The Standard P&I Club informs that there have been a number of bulk carriers in the past which have touched bottom and have taken heavy lists alongside the berths. As a consequence, the use of the large Yokohama fenders was initiated, in order to keep the vessels away from the berth, by about 2m in order to avoid groundings. Nevertheless, the daily cost of these fenders is excessive.
The Standard P&I Club’s correspondent referred to a particular grounding of a fully laden tanker, attributed to the Pilot’s negligence, which caused significant damage to her hull. The vessel started listing in the middle of the entrance channel, but luckily, she was a double hull and by filling ballast on the high side, she regained upright position. However, according to the Kenya Port Authority (KPA), the port authority cannot be sued for the mistakes of their Pilots.
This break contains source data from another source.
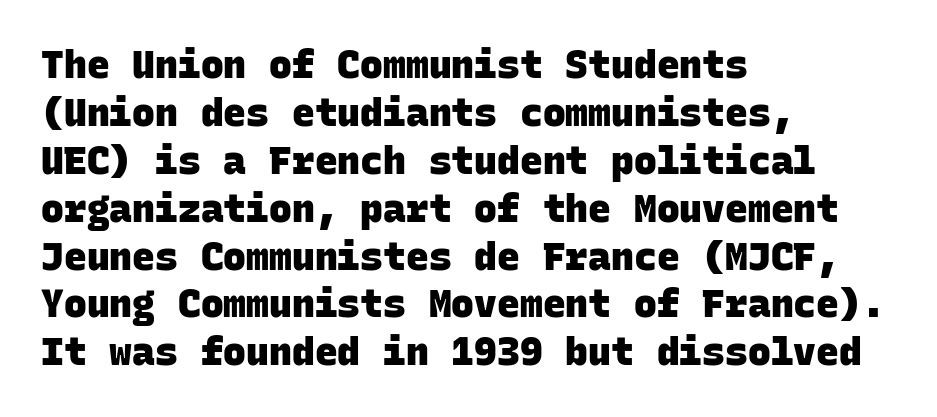
The image shows 38 px heavy sans-serif type, monospaced; set left-aligned, normal line spacing (1.26x), normal letter spacing, not underlined; low stroke contrast and a large x-height.
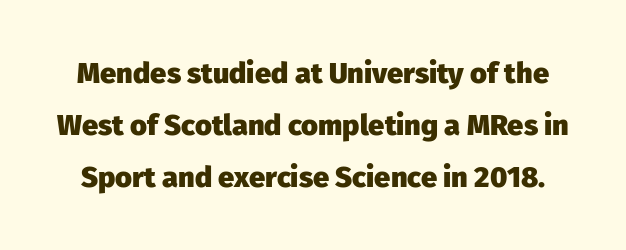
Q: Is the text bold? A: Yes.
Q: Is the text italic (slanted)? A: No, it is upright.
Q: Is the typeface a serif or a sans-serif typeface? A: Sans-serif.
Q: Is the text underlined? A: No.
Q: Is the spacing between letters normal or unusually wide? A: Normal.
Q: Width (condensed, normal, or wide)? A: Normal.
Q: Stroke contrast? A: Low.
Q: x-height? A: Medium.
Q: Monospaced? A: No.
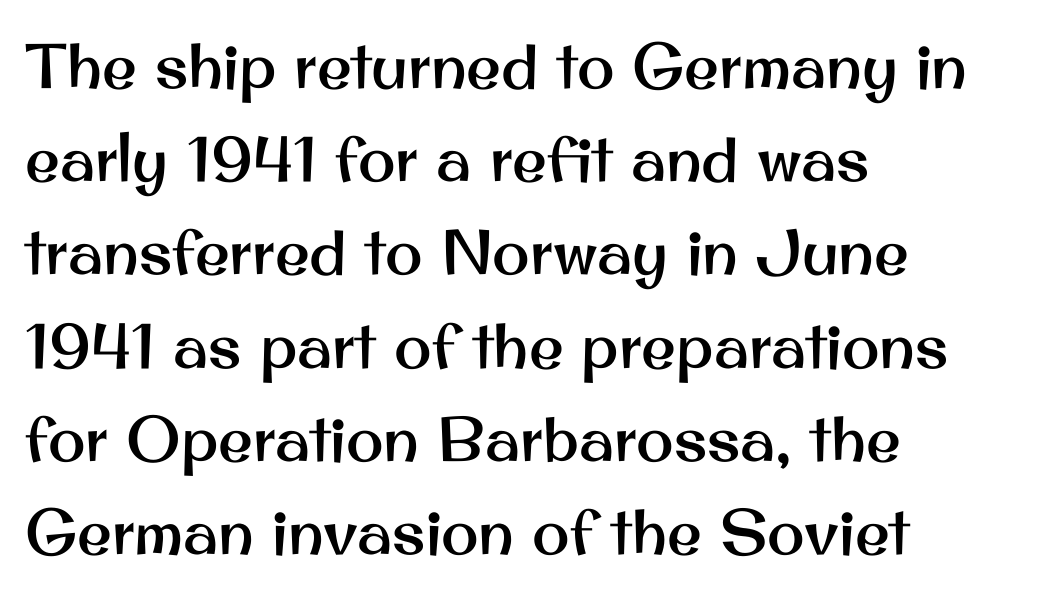
Q: Is the text italic (slanted)? A: No, it is upright.
Q: Is the typeface a serif or a sans-serif typeface? A: Sans-serif.
Q: Is the text underlined? A: No.
Q: How is the paragraph aligned? A: Left-aligned.
Q: Is the spacing between letters normal or unusually wide? A: Normal.
Q: Is the spacing between lines tight, normal or loose? A: Normal.
Q: Width (condensed, normal, or wide)? A: Normal.
Q: Stroke contrast? A: Medium.
Q: x-height? A: Small.
Q: Monospaced? A: No.
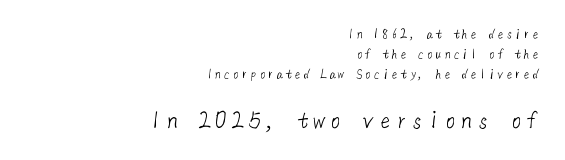
{"bold": "no", "underline": "no", "align": "right", "line_spacing": "normal", "line_spacing_ratio": 1.42, "larger_block": "second", "size_ratio": 1.86, "glyph_px": 26}
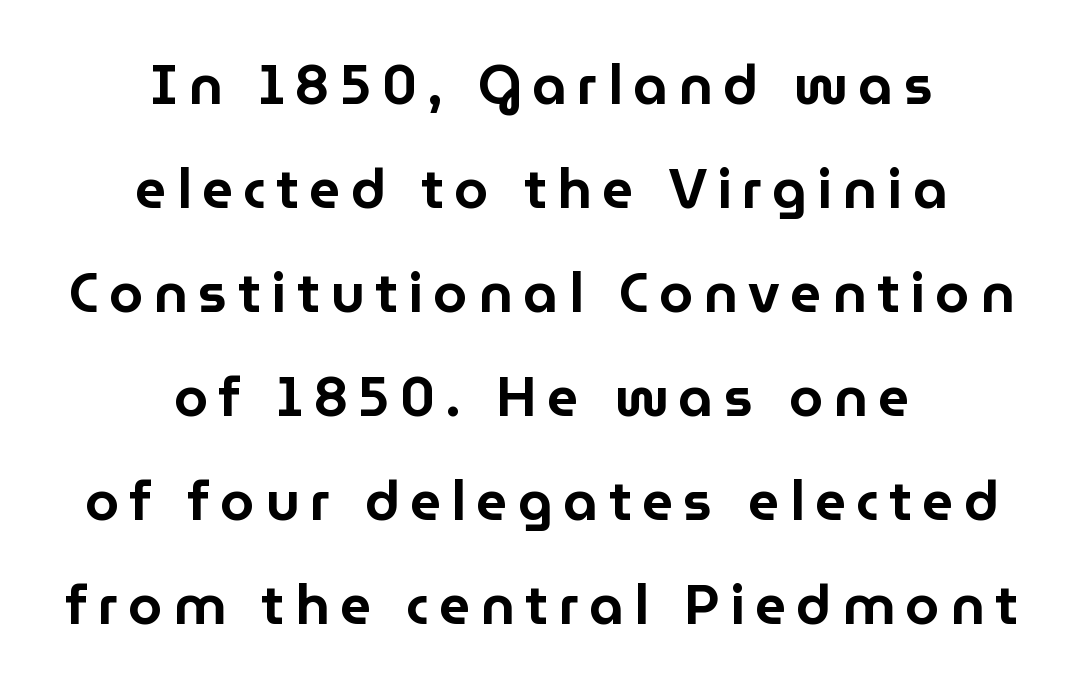
{"serif": "no", "italic": "no", "width": "normal", "stroke_contrast": "low", "x_height": "medium", "monospaced": "no", "underline": "no", "align": "center", "line_spacing_ratio": 1.89, "glyph_px": 55}

In light of the above, the owners should be wary when negotiating a charter party with a view to call for discharge at Mombasa and ensure that all provisions protecting their interests against any loss, damage or liability at this port have been taken into consideration. Furthermore, owners may consider clarifying in the terms of the charter that should the need for use of large Yokohama fenders arise, it should be for charterers’ account.
The Masters of the vessels should be alerted on this matter, in order to always insist that their vessels can go alongside specific berths at Mombasa, only with the rising tide.